### Exercise requirements
Please repeat exactly the lines from the one containing "Q: Is the text underlined? A: No." through the last line of the records below, leaving out any pictures.
━━━━━━━━
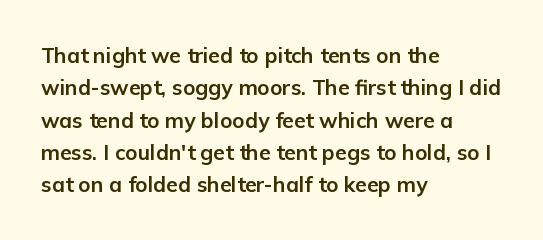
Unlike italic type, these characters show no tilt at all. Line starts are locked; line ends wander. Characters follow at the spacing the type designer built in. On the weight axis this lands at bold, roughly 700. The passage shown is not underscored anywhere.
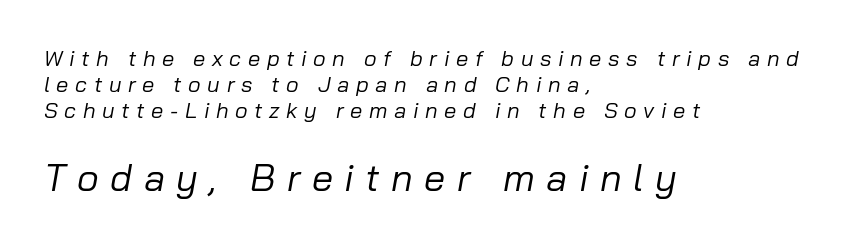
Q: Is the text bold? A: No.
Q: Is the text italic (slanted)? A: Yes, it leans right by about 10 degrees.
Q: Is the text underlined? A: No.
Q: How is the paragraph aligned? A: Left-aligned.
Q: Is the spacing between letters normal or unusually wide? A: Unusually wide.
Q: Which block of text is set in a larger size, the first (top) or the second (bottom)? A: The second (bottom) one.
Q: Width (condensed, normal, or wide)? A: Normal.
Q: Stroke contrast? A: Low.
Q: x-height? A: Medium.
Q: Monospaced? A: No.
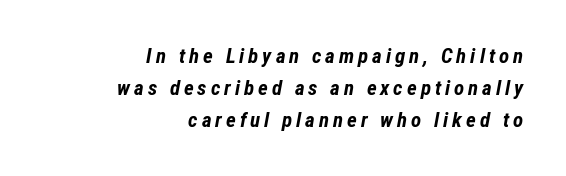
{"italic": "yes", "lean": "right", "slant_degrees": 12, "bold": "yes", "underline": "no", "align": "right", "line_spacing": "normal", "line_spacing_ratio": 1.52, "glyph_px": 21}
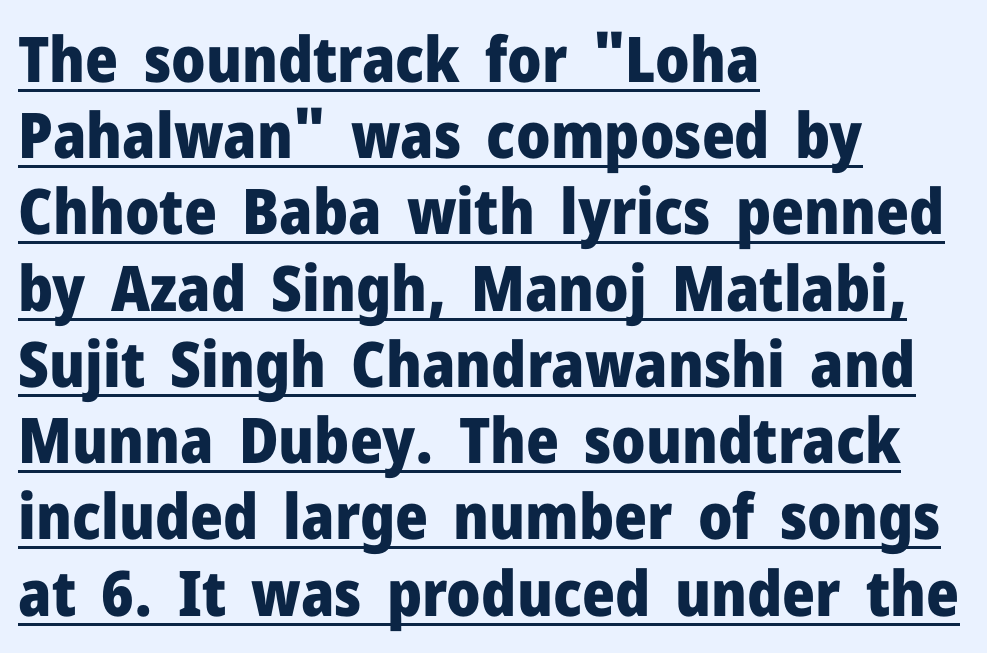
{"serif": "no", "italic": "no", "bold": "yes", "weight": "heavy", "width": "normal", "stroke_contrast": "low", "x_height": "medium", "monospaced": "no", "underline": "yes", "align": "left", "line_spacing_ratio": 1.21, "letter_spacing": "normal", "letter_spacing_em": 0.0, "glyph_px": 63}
━━━━━━━━
### Task output
Q: Is the text underlined? A: No.
Q: How is the paragraph aligned? A: Left-aligned.
Q: Is the spacing between letters normal or unusually wide? A: Unusually wide.
Q: Which block of text is set in a larger size, the first (top) or the second (bottom)? A: The second (bottom) one.
Q: Width (condensed, normal, or wide)? A: Normal.
Q: Stroke contrast? A: Low.
Q: x-height? A: Medium.
Q: Monospaced? A: No.
{"italic": "yes", "lean": "right", "slant_degrees": 12, "bold": "yes", "underline": "no", "align": "right", "line_spacing": "normal", "line_spacing_ratio": 1.52, "glyph_px": 21}
{"serif": "no", "italic": "no", "bold": "yes", "weight": "heavy", "width": "normal", "stroke_contrast": "low", "x_height": "medium", "monospaced": "no", "underline": "yes", "align": "left", "line_spacing_ratio": 1.21, "letter_spacing": "normal", "letter_spacing_em": 0.0, "glyph_px": 63}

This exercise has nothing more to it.